Dataset excerpts

________________

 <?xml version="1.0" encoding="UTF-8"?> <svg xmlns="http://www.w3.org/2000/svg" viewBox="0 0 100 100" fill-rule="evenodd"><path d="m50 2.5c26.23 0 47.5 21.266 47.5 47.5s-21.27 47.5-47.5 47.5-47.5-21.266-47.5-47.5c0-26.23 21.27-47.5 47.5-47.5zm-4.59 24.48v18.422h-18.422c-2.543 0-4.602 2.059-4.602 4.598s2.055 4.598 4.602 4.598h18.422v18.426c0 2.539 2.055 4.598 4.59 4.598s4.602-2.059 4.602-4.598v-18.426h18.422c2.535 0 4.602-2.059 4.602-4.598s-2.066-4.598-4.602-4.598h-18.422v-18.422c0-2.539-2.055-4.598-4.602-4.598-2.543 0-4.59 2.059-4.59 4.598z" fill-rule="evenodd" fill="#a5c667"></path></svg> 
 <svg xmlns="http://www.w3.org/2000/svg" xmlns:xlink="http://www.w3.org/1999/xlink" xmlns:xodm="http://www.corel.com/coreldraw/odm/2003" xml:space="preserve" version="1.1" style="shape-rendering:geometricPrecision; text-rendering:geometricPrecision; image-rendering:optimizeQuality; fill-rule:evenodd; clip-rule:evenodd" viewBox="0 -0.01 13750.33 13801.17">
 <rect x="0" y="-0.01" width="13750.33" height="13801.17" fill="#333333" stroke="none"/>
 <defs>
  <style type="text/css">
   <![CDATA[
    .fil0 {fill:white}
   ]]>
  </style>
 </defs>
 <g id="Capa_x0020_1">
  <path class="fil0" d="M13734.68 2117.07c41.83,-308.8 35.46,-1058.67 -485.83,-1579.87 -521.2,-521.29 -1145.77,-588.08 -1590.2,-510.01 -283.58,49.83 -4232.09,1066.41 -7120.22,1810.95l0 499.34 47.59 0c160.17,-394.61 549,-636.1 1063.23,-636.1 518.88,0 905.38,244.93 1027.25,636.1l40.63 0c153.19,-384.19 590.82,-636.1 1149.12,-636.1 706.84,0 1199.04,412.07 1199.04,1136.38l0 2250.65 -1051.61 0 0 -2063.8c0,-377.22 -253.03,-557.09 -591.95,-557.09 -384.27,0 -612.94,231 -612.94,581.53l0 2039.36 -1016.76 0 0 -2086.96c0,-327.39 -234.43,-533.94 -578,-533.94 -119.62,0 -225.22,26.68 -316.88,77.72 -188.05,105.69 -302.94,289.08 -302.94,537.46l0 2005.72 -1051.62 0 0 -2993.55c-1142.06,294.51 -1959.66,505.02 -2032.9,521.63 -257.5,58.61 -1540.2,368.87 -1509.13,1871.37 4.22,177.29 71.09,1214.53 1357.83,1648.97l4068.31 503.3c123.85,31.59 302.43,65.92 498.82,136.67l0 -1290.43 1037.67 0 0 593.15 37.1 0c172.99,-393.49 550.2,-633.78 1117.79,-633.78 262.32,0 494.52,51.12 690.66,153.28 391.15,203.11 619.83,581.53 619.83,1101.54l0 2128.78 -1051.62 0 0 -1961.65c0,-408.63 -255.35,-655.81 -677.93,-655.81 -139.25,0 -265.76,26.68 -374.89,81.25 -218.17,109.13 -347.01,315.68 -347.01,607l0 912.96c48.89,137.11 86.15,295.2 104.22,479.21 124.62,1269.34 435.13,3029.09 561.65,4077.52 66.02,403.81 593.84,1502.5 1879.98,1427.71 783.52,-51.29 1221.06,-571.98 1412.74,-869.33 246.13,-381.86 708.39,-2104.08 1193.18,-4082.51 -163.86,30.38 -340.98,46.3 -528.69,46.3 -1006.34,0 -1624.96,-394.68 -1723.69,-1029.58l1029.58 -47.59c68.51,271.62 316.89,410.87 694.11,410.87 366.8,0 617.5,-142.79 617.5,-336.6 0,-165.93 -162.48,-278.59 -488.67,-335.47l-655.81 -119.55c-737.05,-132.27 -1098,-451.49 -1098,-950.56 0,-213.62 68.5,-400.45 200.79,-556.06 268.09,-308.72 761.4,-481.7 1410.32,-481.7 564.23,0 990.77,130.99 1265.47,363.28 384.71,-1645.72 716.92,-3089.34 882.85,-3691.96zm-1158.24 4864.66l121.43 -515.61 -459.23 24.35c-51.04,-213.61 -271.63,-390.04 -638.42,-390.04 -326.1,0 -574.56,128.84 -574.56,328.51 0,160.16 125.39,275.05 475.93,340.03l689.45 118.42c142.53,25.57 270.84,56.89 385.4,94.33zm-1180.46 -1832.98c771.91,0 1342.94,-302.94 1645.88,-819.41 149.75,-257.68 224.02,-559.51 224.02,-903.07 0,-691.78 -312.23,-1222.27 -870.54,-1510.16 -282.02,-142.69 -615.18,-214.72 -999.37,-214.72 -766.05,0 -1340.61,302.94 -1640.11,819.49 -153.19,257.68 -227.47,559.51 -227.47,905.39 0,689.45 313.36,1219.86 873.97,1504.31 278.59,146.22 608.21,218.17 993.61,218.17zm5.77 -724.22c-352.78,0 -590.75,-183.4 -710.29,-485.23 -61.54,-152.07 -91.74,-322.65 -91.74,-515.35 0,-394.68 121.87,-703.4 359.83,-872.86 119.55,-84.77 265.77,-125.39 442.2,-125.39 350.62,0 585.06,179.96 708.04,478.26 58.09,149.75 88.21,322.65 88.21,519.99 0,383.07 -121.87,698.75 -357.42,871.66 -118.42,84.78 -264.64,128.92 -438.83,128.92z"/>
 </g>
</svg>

________________

EXERCISE PROMPT:
Without changing a single character, repeat each record.

RESPONSE BELOW:
 <?xml version="1.0" encoding="UTF-8"?> <svg xmlns="http://www.w3.org/2000/svg" viewBox="0 0 100 100" fill-rule="evenodd"><path d="m50 2.5c26.23 0 47.5 21.266 47.5 47.5s-21.27 47.5-47.5 47.5-47.5-21.266-47.5-47.5c0-26.23 21.27-47.5 47.5-47.5zm-4.59 24.48v18.422h-18.422c-2.543 0-4.602 2.059-4.602 4.598s2.055 4.598 4.602 4.598h18.422v18.426c0 2.539 2.055 4.598 4.59 4.598s4.602-2.059 4.602-4.598v-18.426h18.422c2.535 0 4.602-2.059 4.602-4.598s-2.066-4.598-4.602-4.598h-18.422v-18.422c0-2.539-2.055-4.598-4.602-4.598-2.543 0-4.59 2.059-4.59 4.598z" fill-rule="evenodd" fill="#a5c667"></path></svg> 
 <svg xmlns="http://www.w3.org/2000/svg" xmlns:xlink="http://www.w3.org/1999/xlink" xmlns:xodm="http://www.corel.com/coreldraw/odm/2003" xml:space="preserve" version="1.1" style="shape-rendering:geometricPrecision; text-rendering:geometricPrecision; image-rendering:optimizeQuality; fill-rule:evenodd; clip-rule:evenodd" viewBox="0 -0.01 13750.33 13801.17">
 <rect x="0" y="-0.01" width="13750.33" height="13801.17" fill="#333333" stroke="none"/>
 <defs>
  <style type="text/css">
   <![CDATA[
    .fil0 {fill:white}
   ]]>
  </style>
 </defs>
 <g id="Capa_x0020_1">
  <path class="fil0" d="M13734.68 2117.07c41.83,-308.8 35.46,-1058.67 -485.83,-1579.87 -521.2,-521.29 -1145.77,-588.08 -1590.2,-510.01 -283.58,49.83 -4232.09,1066.41 -7120.22,1810.95l0 499.34 47.59 0c160.17,-394.61 549,-636.1 1063.23,-636.1 518.88,0 905.38,244.93 1027.25,636.1l40.63 0c153.19,-384.19 590.82,-636.1 1149.12,-636.1 706.84,0 1199.04,412.07 1199.04,1136.38l0 2250.65 -1051.61 0 0 -2063.8c0,-377.22 -253.03,-557.09 -591.95,-557.09 -384.27,0 -612.94,231 -612.94,581.53l0 2039.36 -1016.76 0 0 -2086.96c0,-327.39 -234.43,-533.94 -578,-533.94 -119.62,0 -225.22,26.68 -316.88,77.72 -188.05,105.69 -302.94,289.08 -302.94,537.46l0 2005.72 -1051.62 0 0 -2993.55c-1142.06,294.51 -1959.66,505.02 -2032.9,521.63 -257.5,58.61 -1540.2,368.87 -1509.13,1871.37 4.22,177.29 71.09,1214.53 1357.83,1648.97l4068.31 503.3c123.85,31.59 302.43,65.92 498.82,136.67l0 -1290.43 1037.67 0 0 593.15 37.1 0c172.99,-393.49 550.2,-633.78 1117.79,-633.78 262.32,0 494.52,51.12 690.66,153.28 391.15,203.11 619.83,581.53 619.83,1101.54l0 2128.78 -1051.62 0 0 -1961.65c0,-408.63 -255.35,-655.81 -677.93,-655.81 -139.25,0 -265.76,26.68 -374.89,81.25 -218.17,109.13 -347.01,315.68 -347.01,607l0 912.96c48.89,137.11 86.15,295.2 104.22,479.21 124.62,1269.34 435.13,3029.09 561.65,4077.52 66.02,403.81 593.84,1502.5 1879.98,1427.71 783.52,-51.29 1221.06,-571.98 1412.74,-869.33 246.13,-381.86 708.39,-2104.08 1193.18,-4082.51 -163.86,30.38 -340.98,46.3 -528.69,46.3 -1006.34,0 -1624.96,-394.68 -1723.69,-1029.58l1029.58 -47.59c68.51,271.62 316.89,410.87 694.11,410.87 366.8,0 617.5,-142.79 617.5,-336.6 0,-165.93 -162.48,-278.59 -488.67,-335.47l-655.81 -119.55c-737.05,-132.27 -1098,-451.49 -1098,-950.56 0,-213.62 68.5,-400.45 200.79,-556.06 268.09,-308.72 761.4,-481.7 1410.32,-481.7 564.23,0 990.77,130.99 1265.47,363.28 384.71,-1645.72 716.92,-3089.34 882.85,-3691.96zm-1158.24 4864.66l121.43 -515.61 -459.23 24.35c-51.04,-213.61 -271.63,-390.04 -638.42,-390.04 -326.1,0 -574.56,128.84 -574.56,328.51 0,160.16 125.39,275.05 475.93,340.03l689.45 118.42c142.53,25.57 270.84,56.89 385.4,94.33zm-1180.46 -1832.98c771.91,0 1342.94,-302.94 1645.88,-819.41 149.75,-257.68 224.02,-559.51 224.02,-903.07 0,-691.78 -312.23,-1222.27 -870.54,-1510.16 -282.02,-142.69 -615.18,-214.72 -999.37,-214.72 -766.05,0 -1340.61,302.94 -1640.11,819.49 -153.19,257.68 -227.47,559.51 -227.47,905.39 0,689.45 313.36,1219.86 873.97,1504.31 278.59,146.22 608.21,218.17 993.61,218.17zm5.77 -724.22c-352.78,0 -590.75,-183.4 -710.29,-485.23 -61.54,-152.07 -91.74,-322.65 -91.74,-515.35 0,-394.68 121.87,-703.4 359.83,-872.86 119.55,-84.77 265.77,-125.39 442.2,-125.39 350.62,0 585.06,179.96 708.04,478.26 58.09,149.75 88.21,322.65 88.21,519.99 0,383.07 -121.87,698.75 -357.42,871.66 -118.42,84.78 -264.64,128.92 -438.83,128.92z"/>
 </g>
</svg>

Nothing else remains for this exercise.